:: What needs to be done ::
The answer should be every line below, repeated exactly, with the images left out.

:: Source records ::
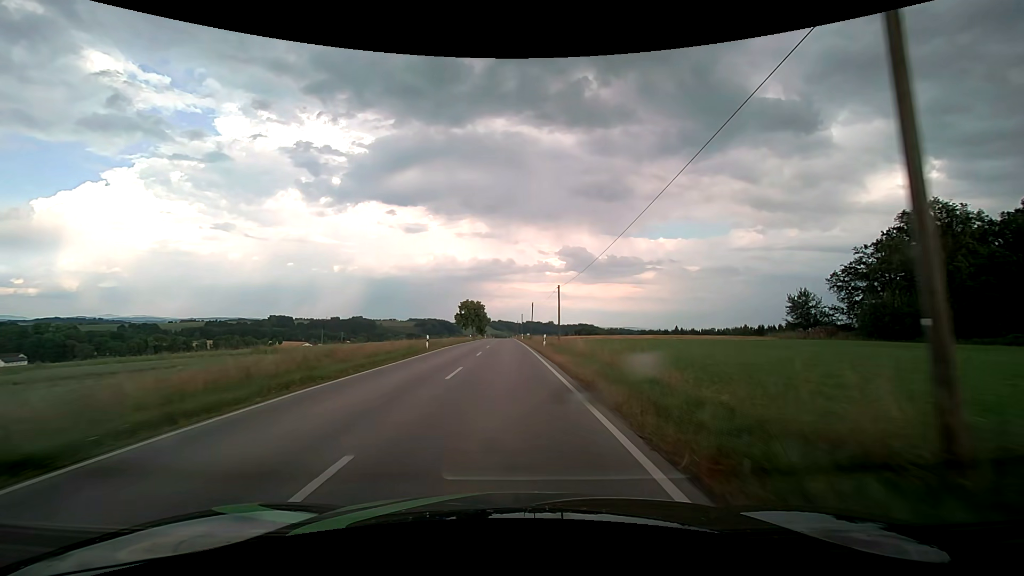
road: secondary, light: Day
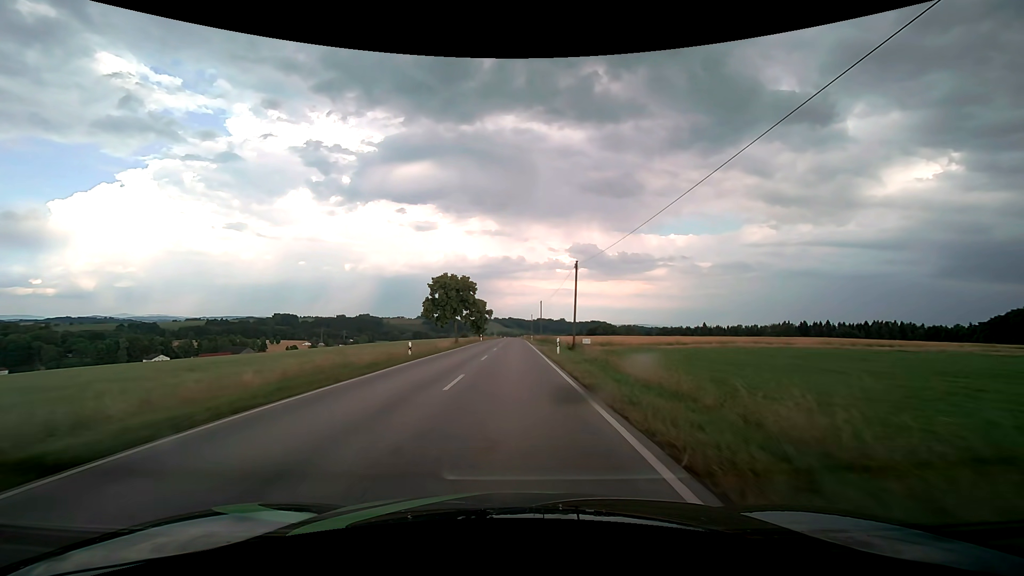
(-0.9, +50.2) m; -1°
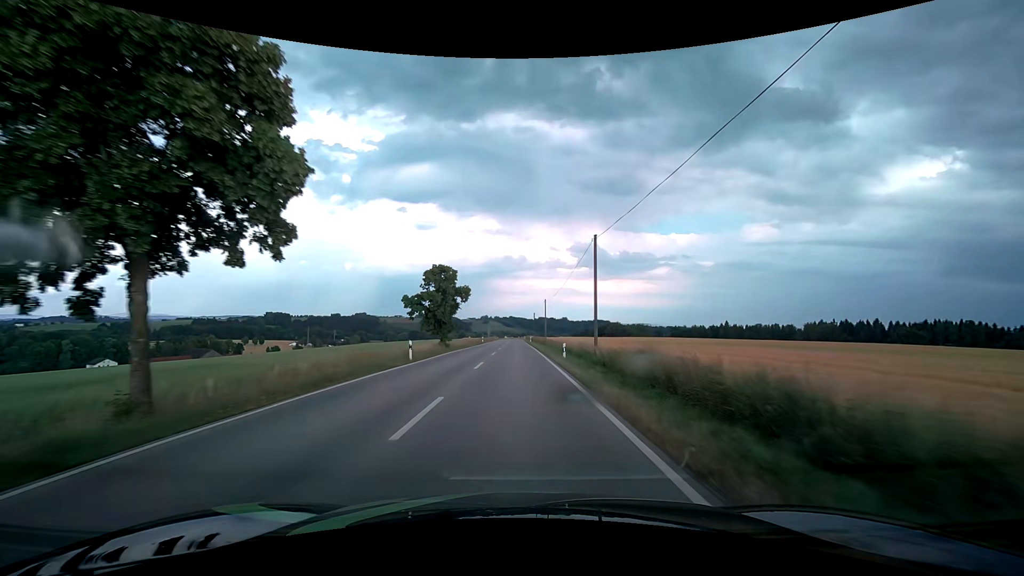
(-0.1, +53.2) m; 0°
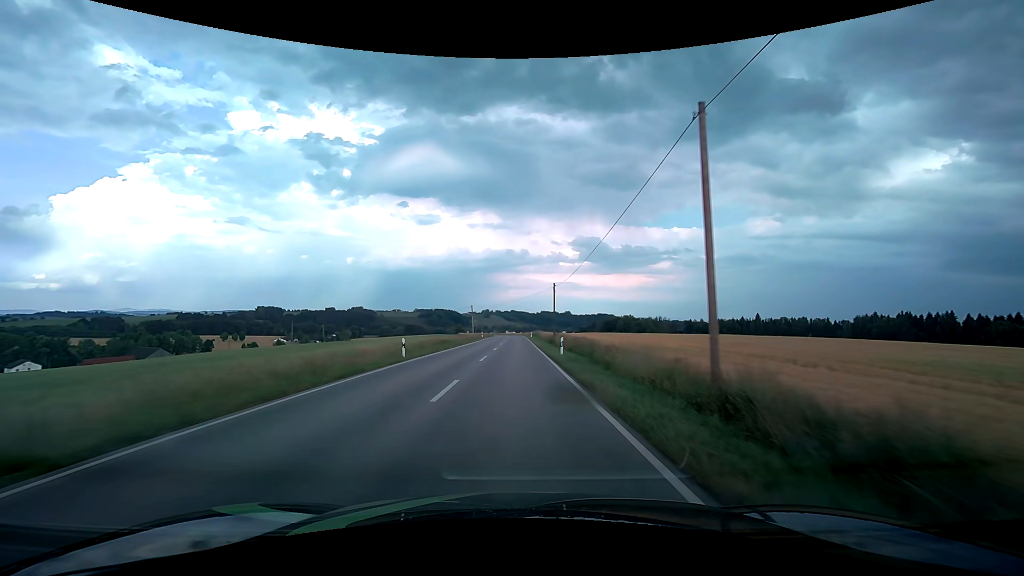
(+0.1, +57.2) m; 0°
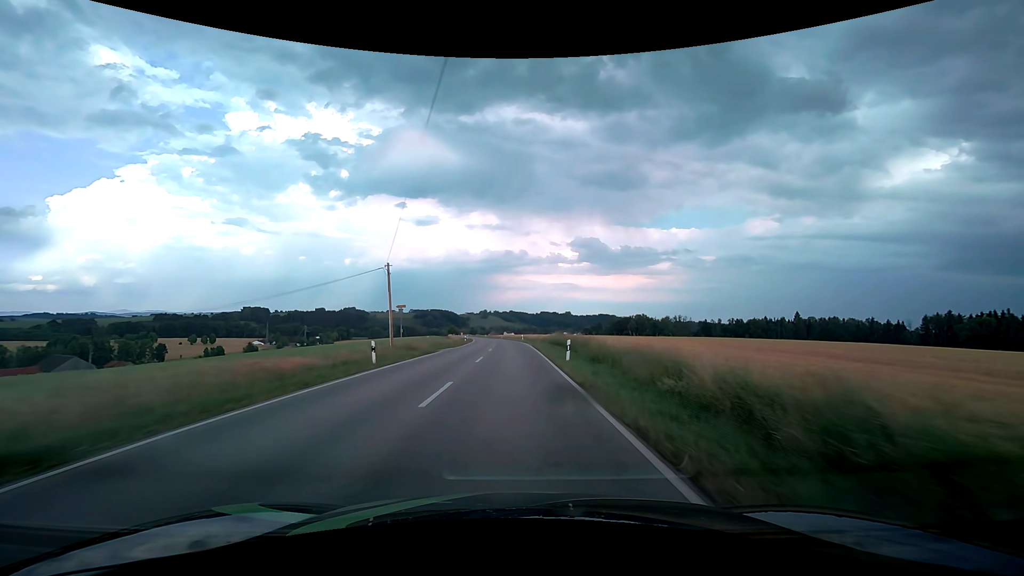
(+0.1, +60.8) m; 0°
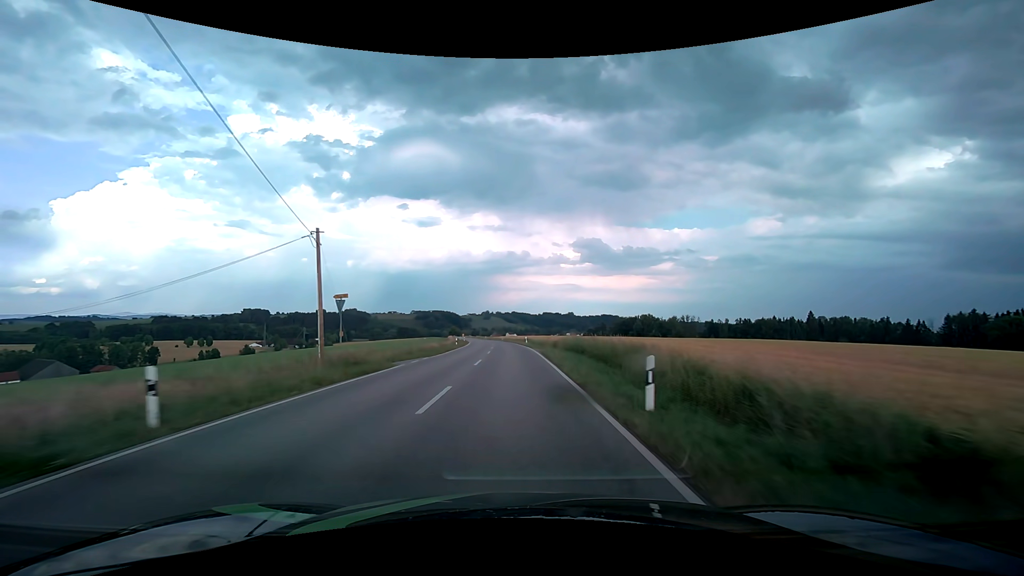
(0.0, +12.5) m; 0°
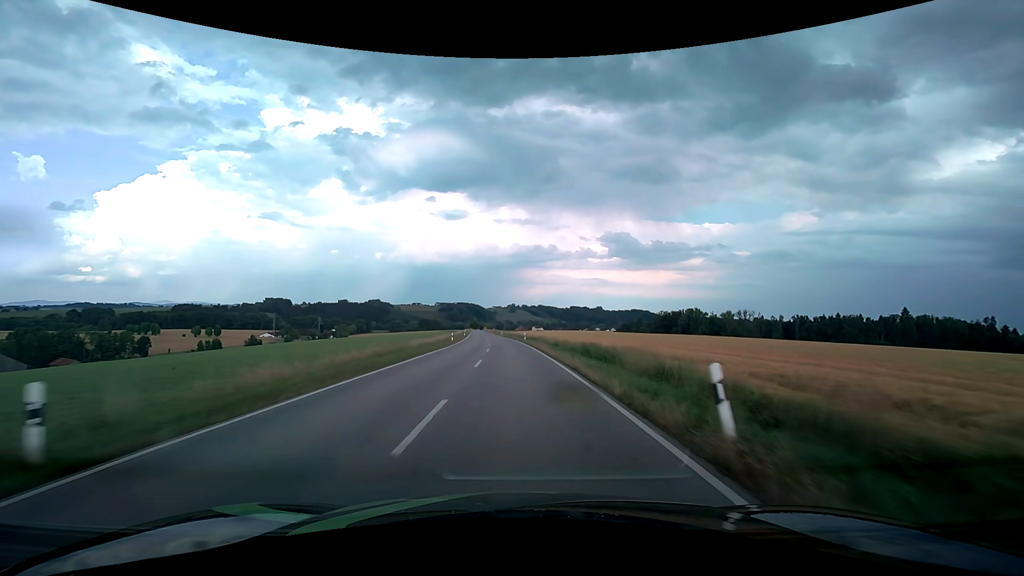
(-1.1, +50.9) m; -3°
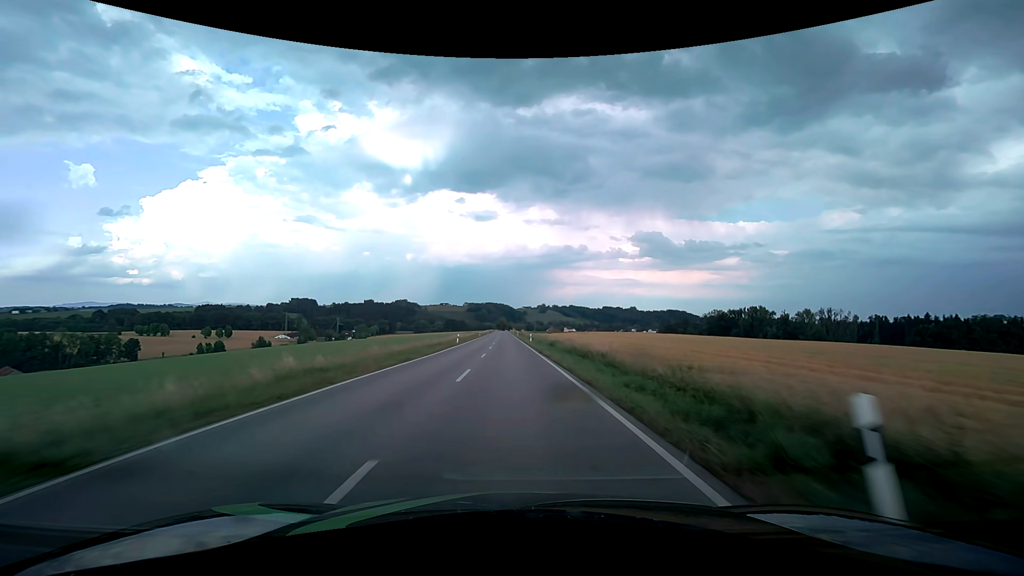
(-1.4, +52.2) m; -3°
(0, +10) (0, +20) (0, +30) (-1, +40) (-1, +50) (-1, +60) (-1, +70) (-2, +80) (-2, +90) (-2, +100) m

:: Exercise answer ::
road: secondary, light: Day
(-0.9, +50.2) m; -1°
(-0.1, +53.2) m; 0°
(+0.1, +57.2) m; 0°
(+0.1, +60.8) m; 0°
(0.0, +12.5) m; 0°
(-1.1, +50.9) m; -3°
(-1.4, +52.2) m; -3°
(0, +10) (0, +20) (0, +30) (-1, +40) (-1, +50) (-1, +60) (-1, +70) (-2, +80) (-2, +90) (-2, +100) m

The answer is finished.